RECORDS FOR PROCESSING:

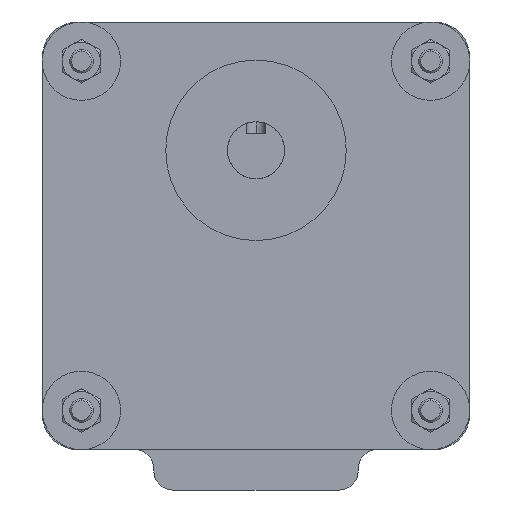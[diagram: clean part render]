
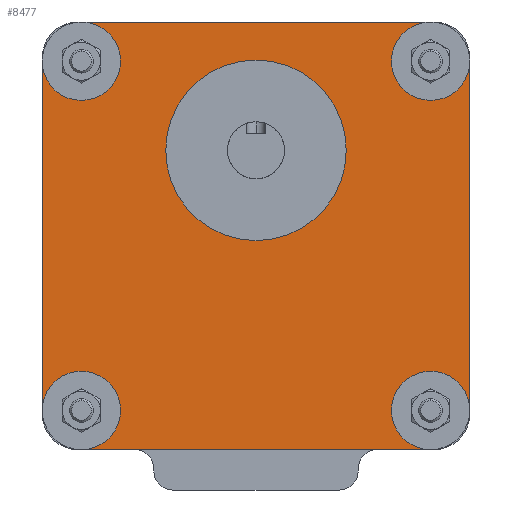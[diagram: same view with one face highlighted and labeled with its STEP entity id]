
A CAD part, left-side view. The second image highlights one B-rep face of the part: STEP entity #8477.
In plain terms, the highlighted planar face has unit normal (-1, 0, 0).
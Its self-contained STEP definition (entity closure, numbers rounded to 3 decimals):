
#7775=CARTESIAN_POINT('POINT686',(0.7,-36.75,
   27.));
#7776=VERTEX_POINT('VERTEX686',#7775);
#7777=CARTESIAN_POINT('POINT687',(0.7,-45.,
   18.75));
#7778=VERTEX_POINT('VERTEX687',#7777);
#7817=CARTESIAN_POINT('POINT690',(0.7,
   45.,18.75));
#7818=VERTEX_POINT('VERTEX690',#7817);
#7819=CARTESIAN_POINT('POINT691',(0.7,36.75,
   27.));
#7820=VERTEX_POINT('VERTEX691',#7819);
#7859=CARTESIAN_POINT('POINT694',(0.7,36.75,
   -63.));
#7860=VERTEX_POINT('VERTEX694',#7859);
#7861=CARTESIAN_POINT('POINT695',(0.7,45.,
   -54.75));
#7862=VERTEX_POINT('VERTEX695',#7861);
#8106=CARTESIAN_POINT('POS1045',(0.7,-36.75,
   27.));
#8107=DIRECTION('DIR1614',(0.,-1.,0.));
#8108=VECTOR('VEC476',#8107,1.);
#8109=LINE('STRAIGHT476',#8106,#8108);
#8110=EDGE_CURVE('EDGE1135',#7820,#7776,#8109,.T.);
#8127=CARTESIAN_POINT('POINT710',(0.7,-36.75,10.5));
#8128=VERTEX_POINT('VERTEX710',#8127);
#8129=CARTESIAN_POINT('POS1048',(0.7,-36.75,18.75));
#8130=DIRECTION('DIR1618',(1.,0.,0.));
#8131=DIRECTION('DIR1619',(0.,0.,1.));
#8132=AXIS2_PLACEMENT_3D('AXIS571',#8129,#8130,#8131);
#8133=CIRCLE('ELLIPSE264',#8132,8.25);
#8134=EDGE_CURVE('EDGE1137',#8128,#7776,#8133,.T.);
#8154=EDGE_CURVE('EDGE1139',#7778,#8128,#8133,.T.);
#8160=CARTESIAN_POINT('POINT711',(0.7,36.75,
   -46.5));
#8161=VERTEX_POINT('VERTEX711',#8160);
#8175=CARTESIAN_POINT('POS1053',(0.7,36.75,
   -54.75));
#8176=DIRECTION('DIR1625',(1.,0.,0.));
#8177=DIRECTION('DIR1626',(0.,0.,1.));
#8178=AXIS2_PLACEMENT_3D('AXIS573',#8175,#8176,#8177);
#8179=CIRCLE('ELLIPSE265',#8178,8.25);
#8180=EDGE_CURVE('EDGE1142',#8161,#7860,#8179,.T.);
#8191=EDGE_CURVE('EDGE1143',#7862,#8161,#8179,.T.);
#8206=CARTESIAN_POINT('POS1056',(0.7,45.,
   18.75));
#8207=DIRECTION('DIR1630',(0.,0.,1.));
#8208=VECTOR('VEC482',#8207,1.);
#8209=LINE('STRAIGHT482',#8206,#8208);
#8210=EDGE_CURVE('EDGE1145',#7862,#7818,#8209,.T.);
#8228=CARTESIAN_POINT('POINT712',(0.7,36.75,10.5));
#8229=VERTEX_POINT('VERTEX712',#8228);
#8230=CARTESIAN_POINT('POS1059',(0.7,36.75,18.75));
#8231=DIRECTION('DIR1634',(1.,0.,0.));
#8232=DIRECTION('DIR1635',(0.,0.,1.));
#8233=AXIS2_PLACEMENT_3D('AXIS576',#8230,#8231,#8232);
#8234=CIRCLE('ELLIPSE266',#8233,8.25);
#8235=EDGE_CURVE('EDGE1147',#8229,#7818,#8234,.T.);
#8255=EDGE_CURVE('EDGE1149',#7820,#8229,#8234,.T.);
#8269=CARTESIAN_POINT('POINT714',(0.7,
   -45.,-54.75));
#8270=VERTEX_POINT('VERTEX714',#8269);
#8271=CARTESIAN_POINT('POS1063',(0.7,-45.,
   -54.75));
#8272=DIRECTION('DIR1640',(0.,0.,-1.));
#8273=VECTOR('VEC486',#8272,1.);
#8274=LINE('STRAIGHT486',#8271,#8273);
#8275=EDGE_CURVE('EDGE1151',#7778,#8270,#8274,.T.);
#8321=CARTESIAN_POINT('POINT716',(0.7,-36.75,
   -63.));
#8322=VERTEX_POINT('VERTEX716',#8321);
#8329=CARTESIAN_POINT('POS1070',(0.7,36.75,
   -63.));
#8330=DIRECTION('DIR1650',(0.,1.,0.));
#8331=VECTOR('VEC490',#8330,1.);
#8332=LINE('STRAIGHT490',#8329,#8331);
#8333=EDGE_CURVE('EDGE1156',#8322,#7860,#8332,.T.);
#8449=ORIENTED_EDGE('COEDGE2312',*,*,#8255,.T.);
#8450=ORIENTED_EDGE('COEDGE2313',*,*,#8235,.T.);
#8451=ORIENTED_EDGE('COEDGE2314',*,*,#8210,.F.);
#8452=ORIENTED_EDGE('COEDGE2315',*,*,#8191,.T.);
#8453=ORIENTED_EDGE('COEDGE2316',*,*,#8180,.T.);
#8454=ORIENTED_EDGE('COEDGE2317',*,*,#8333,.F.);
#8455=CARTESIAN_POINT('POINT719',(0.7,-36.75,
   -46.5));
#8456=VERTEX_POINT('VERTEX719',#8455);
#8457=CARTESIAN_POINT('POS1081',(0.7,-36.75,
   -54.75));
#8458=DIRECTION('DIR1669',(1.,0.,0.));
#8459=DIRECTION('DIR1670',(0.,0.,1.));
#8460=AXIS2_PLACEMENT_3D('AXIS589',#8457,#8458,#8459);
#8461=CIRCLE('ELLIPSE274',#8460,8.25);
#8462=EDGE_CURVE('EDGE1167',#8322,#8456,#8461,.T.);
#8463=ORIENTED_EDGE('COEDGE2318',*,*,#8462,.T.);
#8464=EDGE_CURVE('EDGE1168',#8456,#8270,#8461,.T.);
#8465=ORIENTED_EDGE('COEDGE2319',*,*,#8464,.T.);
#8466=ORIENTED_EDGE('COEDGE2320',*,*,#8275,.F.);
#8467=ORIENTED_EDGE('COEDGE2321',*,*,#8154,.T.);
#8468=ORIENTED_EDGE('COEDGE2322',*,*,#8134,.T.);
#8469=ORIENTED_EDGE('COEDGE2323',*,*,#8110,.F.);
#8470=EDGE_LOOP('NONE',(#8449,#8450,#8451,#8452,#8453,#8454,#8463,#8465,
   #8466,#8467,#8468,#8469));
#8471=FACE_BOUND('LOOP1',#8470,.T.);
#8472=CARTESIAN_POINT('POS1082',(0.7,
   0.,4.5));
#8473=DIRECTION('DIR1671',(-1.,0.,0.));
#8474=DIRECTION('DIR1672',(0.,1.,0.));
#8475=AXIS2_PLACEMENT_3D('AXIS590',#8472,#8473,#8474);
#8476=PLANE('PLANE197',#8475);
#8477=ADVANCED_FACE('FACE511',(#8471),#8476,.T.);

TASK DIRECTIONS: Apart from the pictures, set down all the entries above exactly.

WORKED SOLUTION:
[diagram: clean part render]
[diagram: same view with one face highlighted and labeled with its STEP entity id]
A CAD part, left-side view. The second image highlights one B-rep face of the part: STEP entity #8477.
In plain terms, the highlighted planar face has unit normal (-1, 0, 0).
Its self-contained STEP definition (entity closure, numbers rounded to 3 decimals):
#7775=CARTESIAN_POINT('POINT686',(0.7,-36.75,
   27.));
#7776=VERTEX_POINT('VERTEX686',#7775);
#7777=CARTESIAN_POINT('POINT687',(0.7,-45.,
   18.75));
#7778=VERTEX_POINT('VERTEX687',#7777);
#7817=CARTESIAN_POINT('POINT690',(0.7,
   45.,18.75));
#7818=VERTEX_POINT('VERTEX690',#7817);
#7819=CARTESIAN_POINT('POINT691',(0.7,36.75,
   27.));
#7820=VERTEX_POINT('VERTEX691',#7819);
#7859=CARTESIAN_POINT('POINT694',(0.7,36.75,
   -63.));
#7860=VERTEX_POINT('VERTEX694',#7859);
#7861=CARTESIAN_POINT('POINT695',(0.7,45.,
   -54.75));
#7862=VERTEX_POINT('VERTEX695',#7861);
#8106=CARTESIAN_POINT('POS1045',(0.7,-36.75,
   27.));
#8107=DIRECTION('DIR1614',(0.,-1.,0.));
#8108=VECTOR('VEC476',#8107,1.);
#8109=LINE('STRAIGHT476',#8106,#8108);
#8110=EDGE_CURVE('EDGE1135',#7820,#7776,#8109,.T.);
#8127=CARTESIAN_POINT('POINT710',(0.7,-36.75,10.5));
#8128=VERTEX_POINT('VERTEX710',#8127);
#8129=CARTESIAN_POINT('POS1048',(0.7,-36.75,18.75));
#8130=DIRECTION('DIR1618',(1.,0.,0.));
#8131=DIRECTION('DIR1619',(0.,0.,1.));
#8132=AXIS2_PLACEMENT_3D('AXIS571',#8129,#8130,#8131);
#8133=CIRCLE('ELLIPSE264',#8132,8.25);
#8134=EDGE_CURVE('EDGE1137',#8128,#7776,#8133,.T.);
#8154=EDGE_CURVE('EDGE1139',#7778,#8128,#8133,.T.);
#8160=CARTESIAN_POINT('POINT711',(0.7,36.75,
   -46.5));
#8161=VERTEX_POINT('VERTEX711',#8160);
#8175=CARTESIAN_POINT('POS1053',(0.7,36.75,
   -54.75));
#8176=DIRECTION('DIR1625',(1.,0.,0.));
#8177=DIRECTION('DIR1626',(0.,0.,1.));
#8178=AXIS2_PLACEMENT_3D('AXIS573',#8175,#8176,#8177);
#8179=CIRCLE('ELLIPSE265',#8178,8.25);
#8180=EDGE_CURVE('EDGE1142',#8161,#7860,#8179,.T.);
#8191=EDGE_CURVE('EDGE1143',#7862,#8161,#8179,.T.);
#8206=CARTESIAN_POINT('POS1056',(0.7,45.,
   18.75));
#8207=DIRECTION('DIR1630',(0.,0.,1.));
#8208=VECTOR('VEC482',#8207,1.);
#8209=LINE('STRAIGHT482',#8206,#8208);
#8210=EDGE_CURVE('EDGE1145',#7862,#7818,#8209,.T.);
#8228=CARTESIAN_POINT('POINT712',(0.7,36.75,10.5));
#8229=VERTEX_POINT('VERTEX712',#8228);
#8230=CARTESIAN_POINT('POS1059',(0.7,36.75,18.75));
#8231=DIRECTION('DIR1634',(1.,0.,0.));
#8232=DIRECTION('DIR1635',(0.,0.,1.));
#8233=AXIS2_PLACEMENT_3D('AXIS576',#8230,#8231,#8232);
#8234=CIRCLE('ELLIPSE266',#8233,8.25);
#8235=EDGE_CURVE('EDGE1147',#8229,#7818,#8234,.T.);
#8255=EDGE_CURVE('EDGE1149',#7820,#8229,#8234,.T.);
#8269=CARTESIAN_POINT('POINT714',(0.7,
   -45.,-54.75));
#8270=VERTEX_POINT('VERTEX714',#8269);
#8271=CARTESIAN_POINT('POS1063',(0.7,-45.,
   -54.75));
#8272=DIRECTION('DIR1640',(0.,0.,-1.));
#8273=VECTOR('VEC486',#8272,1.);
#8274=LINE('STRAIGHT486',#8271,#8273);
#8275=EDGE_CURVE('EDGE1151',#7778,#8270,#8274,.T.);
#8321=CARTESIAN_POINT('POINT716',(0.7,-36.75,
   -63.));
#8322=VERTEX_POINT('VERTEX716',#8321);
#8329=CARTESIAN_POINT('POS1070',(0.7,36.75,
   -63.));
#8330=DIRECTION('DIR1650',(0.,1.,0.));
#8331=VECTOR('VEC490',#8330,1.);
#8332=LINE('STRAIGHT490',#8329,#8331);
#8333=EDGE_CURVE('EDGE1156',#8322,#7860,#8332,.T.);
#8449=ORIENTED_EDGE('COEDGE2312',*,*,#8255,.T.);
#8450=ORIENTED_EDGE('COEDGE2313',*,*,#8235,.T.);
#8451=ORIENTED_EDGE('COEDGE2314',*,*,#8210,.F.);
#8452=ORIENTED_EDGE('COEDGE2315',*,*,#8191,.T.);
#8453=ORIENTED_EDGE('COEDGE2316',*,*,#8180,.T.);
#8454=ORIENTED_EDGE('COEDGE2317',*,*,#8333,.F.);
#8455=CARTESIAN_POINT('POINT719',(0.7,-36.75,
   -46.5));
#8456=VERTEX_POINT('VERTEX719',#8455);
#8457=CARTESIAN_POINT('POS1081',(0.7,-36.75,
   -54.75));
#8458=DIRECTION('DIR1669',(1.,0.,0.));
#8459=DIRECTION('DIR1670',(0.,0.,1.));
#8460=AXIS2_PLACEMENT_3D('AXIS589',#8457,#8458,#8459);
#8461=CIRCLE('ELLIPSE274',#8460,8.25);
#8462=EDGE_CURVE('EDGE1167',#8322,#8456,#8461,.T.);
#8463=ORIENTED_EDGE('COEDGE2318',*,*,#8462,.T.);
#8464=EDGE_CURVE('EDGE1168',#8456,#8270,#8461,.T.);
#8465=ORIENTED_EDGE('COEDGE2319',*,*,#8464,.T.);
#8466=ORIENTED_EDGE('COEDGE2320',*,*,#8275,.F.);
#8467=ORIENTED_EDGE('COEDGE2321',*,*,#8154,.T.);
#8468=ORIENTED_EDGE('COEDGE2322',*,*,#8134,.T.);
#8469=ORIENTED_EDGE('COEDGE2323',*,*,#8110,.F.);
#8470=EDGE_LOOP('NONE',(#8449,#8450,#8451,#8452,#8453,#8454,#8463,#8465,
   #8466,#8467,#8468,#8469));
#8471=FACE_BOUND('LOOP1',#8470,.T.);
#8472=CARTESIAN_POINT('POS1082',(0.7,
   0.,4.5));
#8473=DIRECTION('DIR1671',(-1.,0.,0.));
#8474=DIRECTION('DIR1672',(0.,1.,0.));
#8475=AXIS2_PLACEMENT_3D('AXIS590',#8472,#8473,#8474);
#8476=PLANE('PLANE197',#8475);
#8477=ADVANCED_FACE('FACE511',(#8471),#8476,.T.);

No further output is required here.